Paper ID | MLSP-40.5 | ||
Paper Title | SEQ-CPC : SEQUENTIAL CONTRASTIVE PREDICTIVE CODING FOR AUTOMATIC SPEECH RECOGNITION | ||
Authors | Yulong Chen, Jianping Zhao, Weiqi Wang, Ming Fang, Haimei Kang, Lu Wang, Tao Wei, Jun Ma, Shaojun Wang, Jing Xiao, Ping An Technology, China | ||
Session | MLSP-40: Contrastive Learning | ||
Location | Gather.Town | ||
Session Time: | Friday, 11 June, 11:30 - 12:15 | ||
Presentation Time: | Friday, 11 June, 11:30 - 12:15 | ||
Presentation | Poster | ||
Topic | Machine Learning for Signal Processing: [MLR-SSUP] Self-supervised and semi-supervised learning | ||
IEEE Xplore Open Preview | Click here to view in IEEE Xplore | ||
Abstract | Inspired by the contrastive predictive coding (CPC), we propose a feature representation scheme for automatic speech recognition (ASR), which encodes sequential dependency information from raw audio signals.

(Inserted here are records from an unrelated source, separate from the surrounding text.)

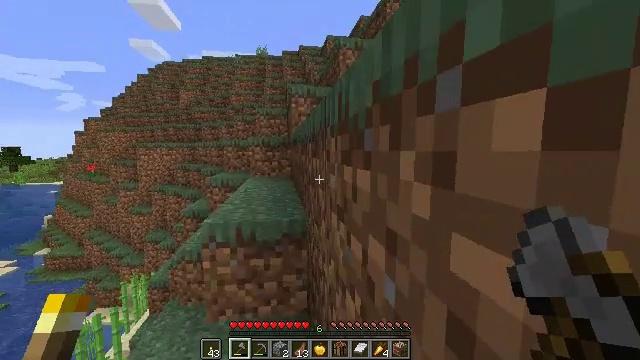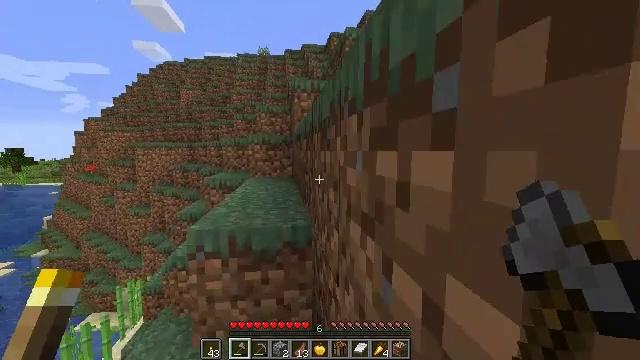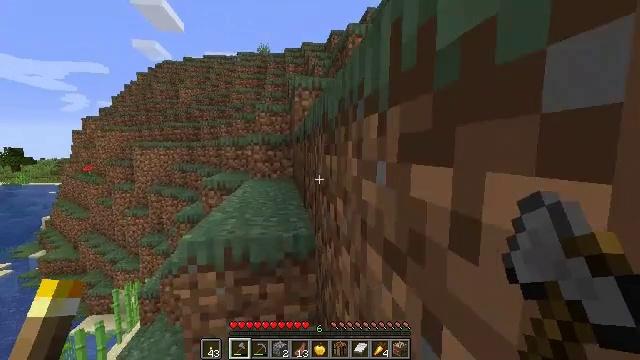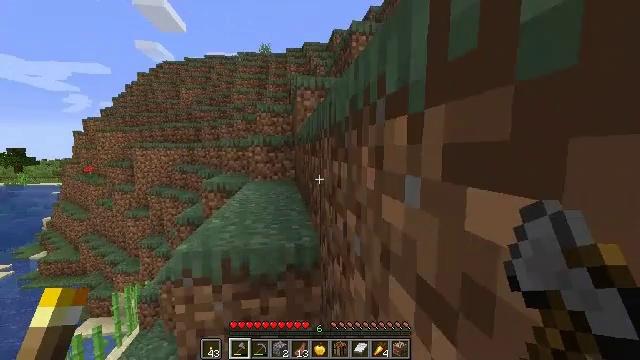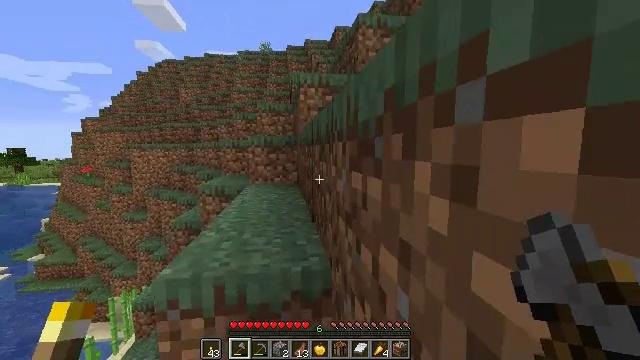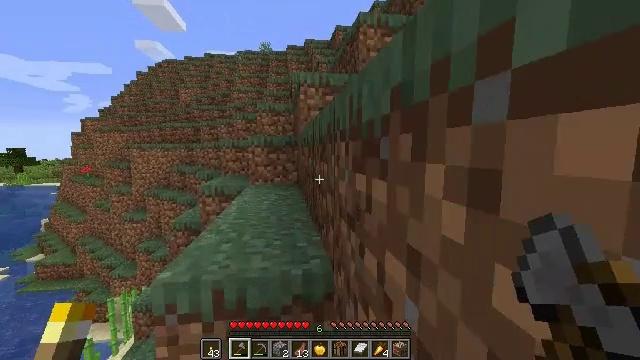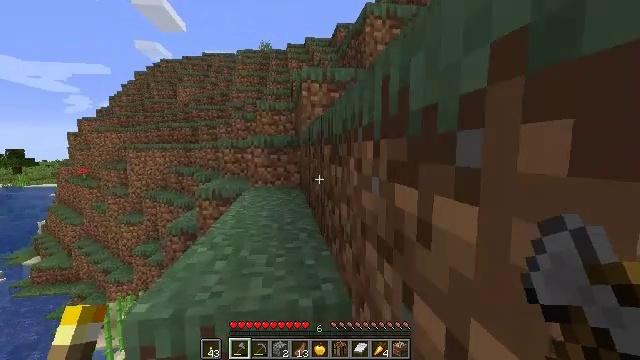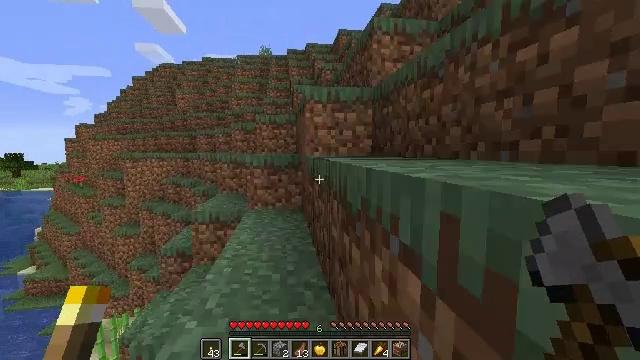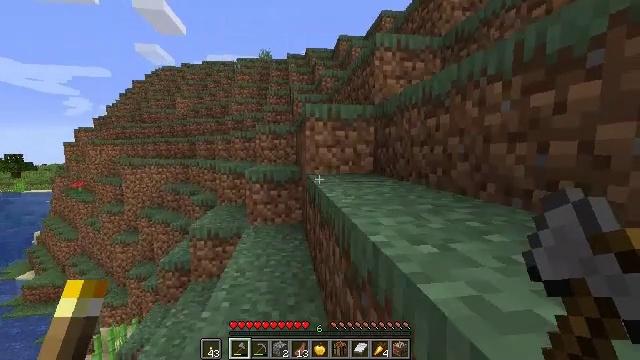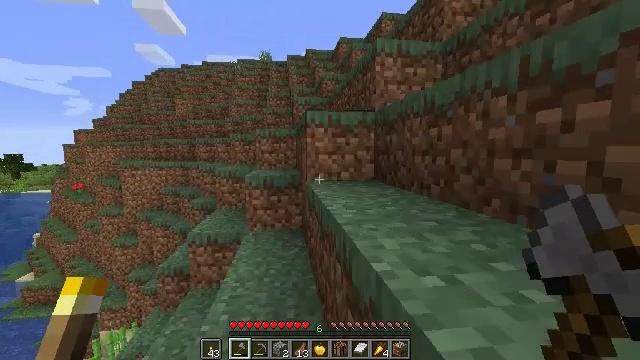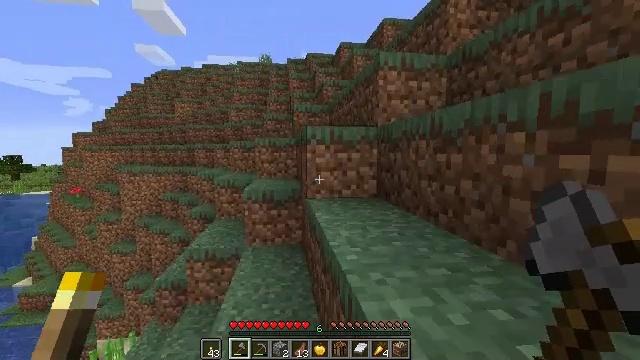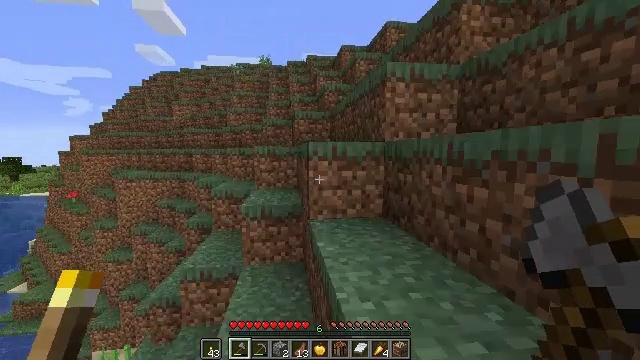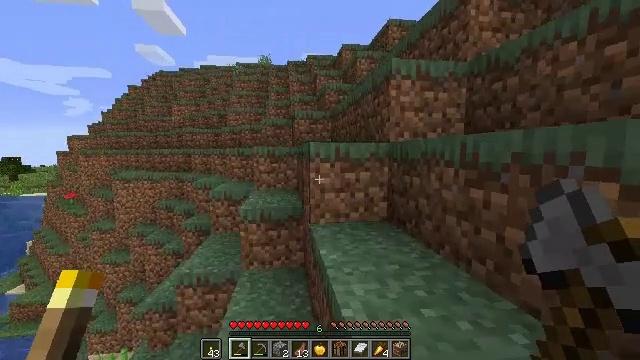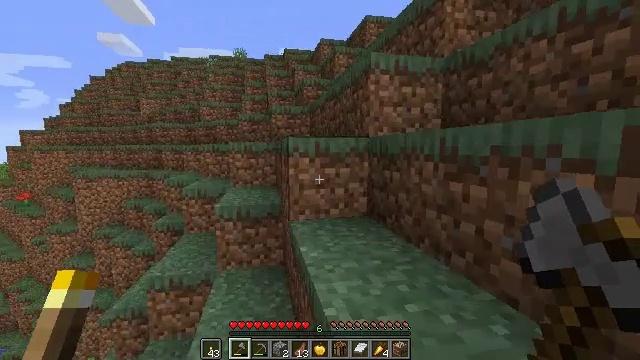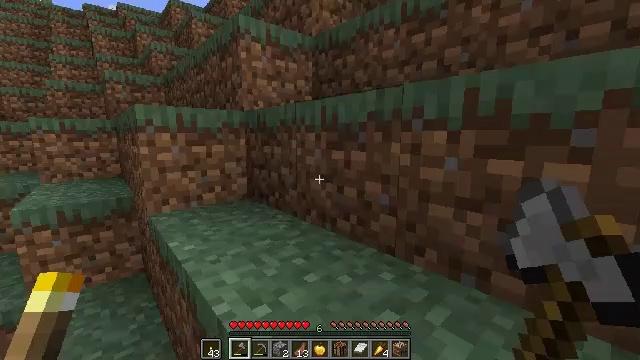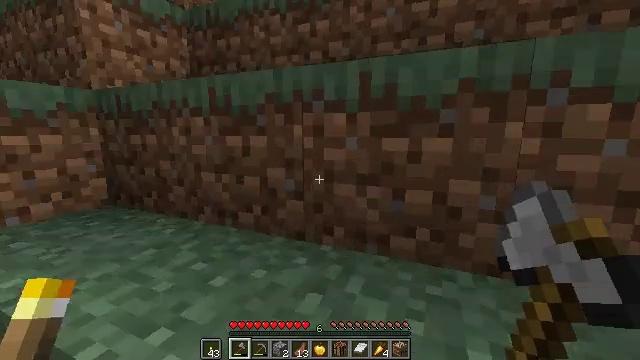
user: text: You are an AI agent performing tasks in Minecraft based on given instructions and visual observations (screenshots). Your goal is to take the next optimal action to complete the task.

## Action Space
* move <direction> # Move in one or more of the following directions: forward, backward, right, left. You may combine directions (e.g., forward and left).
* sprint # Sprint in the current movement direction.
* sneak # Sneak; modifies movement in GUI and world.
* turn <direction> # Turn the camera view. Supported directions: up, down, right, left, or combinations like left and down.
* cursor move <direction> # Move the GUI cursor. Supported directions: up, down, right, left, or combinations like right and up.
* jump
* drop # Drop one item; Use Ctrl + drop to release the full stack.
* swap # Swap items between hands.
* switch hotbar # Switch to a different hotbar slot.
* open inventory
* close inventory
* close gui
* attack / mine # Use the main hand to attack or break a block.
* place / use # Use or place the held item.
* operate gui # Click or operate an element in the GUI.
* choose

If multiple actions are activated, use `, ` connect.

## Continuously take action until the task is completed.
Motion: motion action
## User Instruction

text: Break the dandelion to obtain it.
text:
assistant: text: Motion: move forward
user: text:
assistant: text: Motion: move forward
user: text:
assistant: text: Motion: move forward
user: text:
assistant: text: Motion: move forward
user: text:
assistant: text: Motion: move forward
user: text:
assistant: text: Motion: move forward
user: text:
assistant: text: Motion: move forward, jump
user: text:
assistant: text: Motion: move forward, jump
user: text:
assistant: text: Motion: move forward, jump
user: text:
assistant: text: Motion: move forward, jump
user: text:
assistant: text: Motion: move forward
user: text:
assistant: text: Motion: move forward
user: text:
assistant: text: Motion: move forward, turn right
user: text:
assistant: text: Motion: move forward, turn right and down, jump
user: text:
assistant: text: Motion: move forward, turn right, jump
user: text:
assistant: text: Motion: move forward, turn right and down, jump
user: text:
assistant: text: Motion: move forward, turn right and down, jump
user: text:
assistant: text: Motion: move forward, turn right and down
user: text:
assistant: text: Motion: move forward, turn right and down
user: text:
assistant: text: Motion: move forward, turn right
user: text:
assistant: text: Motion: move forward, turn right
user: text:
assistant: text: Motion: move forward, turn right
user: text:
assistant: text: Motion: move forward
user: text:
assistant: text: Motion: move forward
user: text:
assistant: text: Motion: move forward
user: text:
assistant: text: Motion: move forward
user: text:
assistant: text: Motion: move forward, turn right
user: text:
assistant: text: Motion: move forward, turn right and down
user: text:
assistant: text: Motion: move forward, turn right and down
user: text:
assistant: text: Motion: move forward, turn right and down
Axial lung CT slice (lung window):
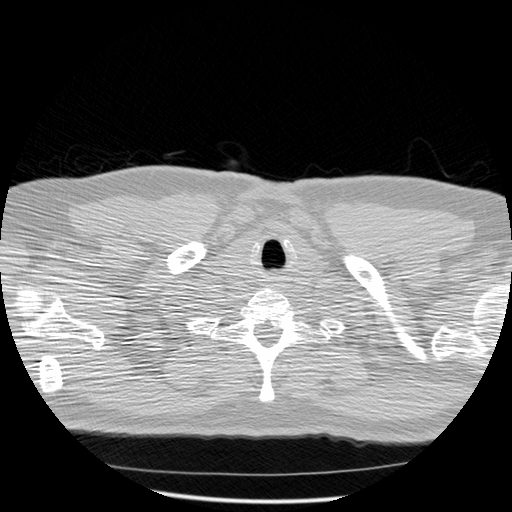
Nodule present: no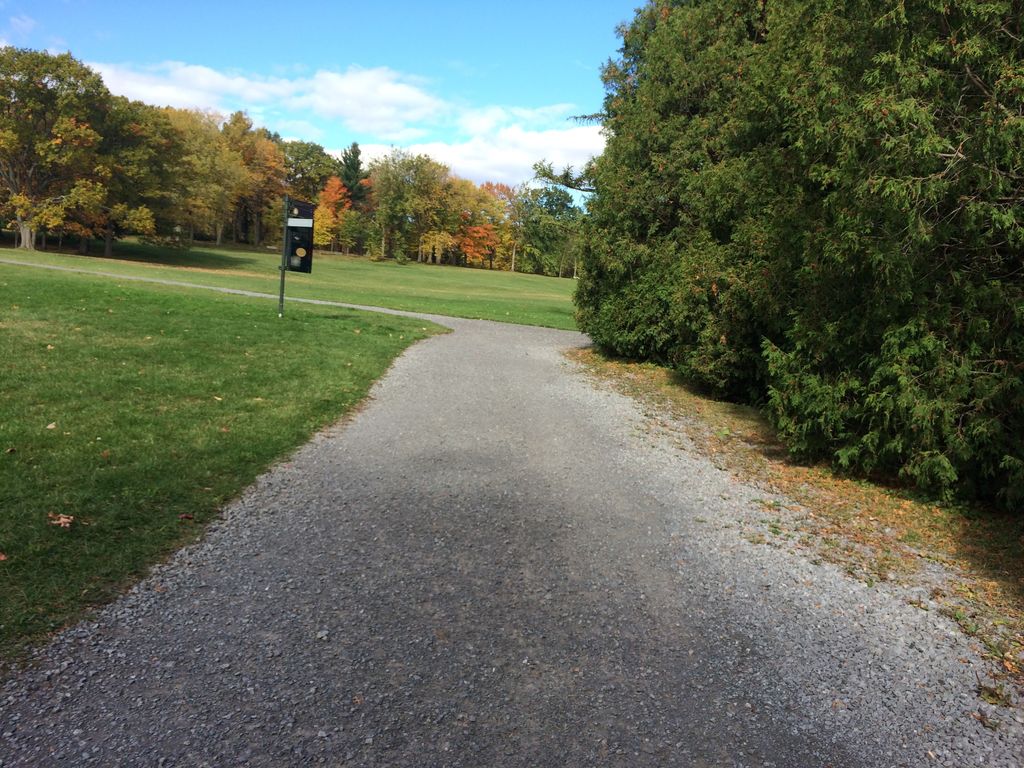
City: quebec_city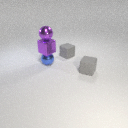
small purple metal cube above small blue metal sphere
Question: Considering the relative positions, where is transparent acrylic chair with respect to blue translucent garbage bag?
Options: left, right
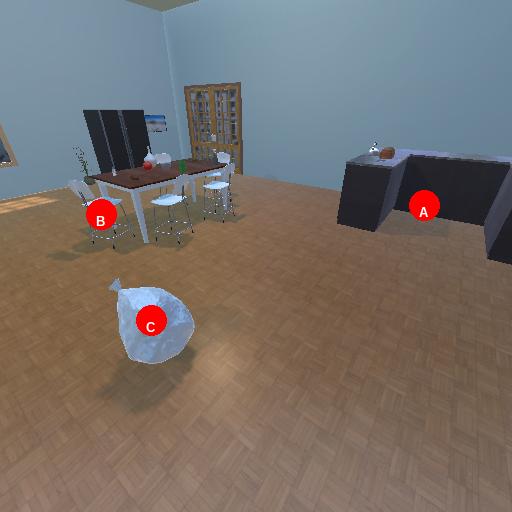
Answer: left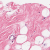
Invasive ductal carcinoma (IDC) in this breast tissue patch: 0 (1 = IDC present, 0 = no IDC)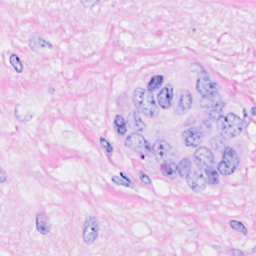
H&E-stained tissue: Breast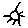
Label: sun
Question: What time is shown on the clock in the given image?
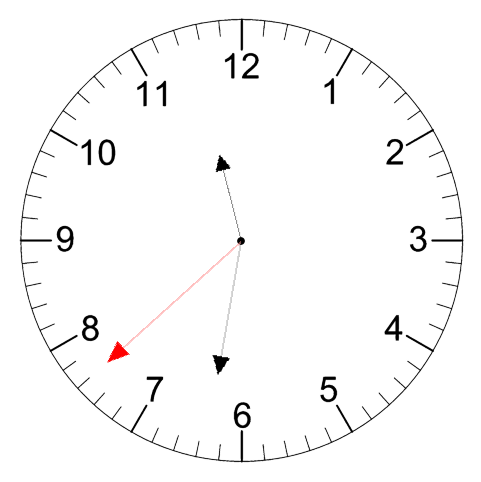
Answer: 11:31:38

Following the original CPC, for a given frame, mutual information (MI) lower bound is maximized between historical context and future prediction. While computing the MI lower bound, based on original CPC, we develop the sequential CPC (SEQ-CPC), which takes the sequential information between frames into consideration. Since speech frames are not independent events, incorporating sequential information leads to better recognition performance. Experimental results on WSJ corpus show that SEQ-CPC achieves the best performance than CPC and NCE which is the contrastive objective used in wav2vec. |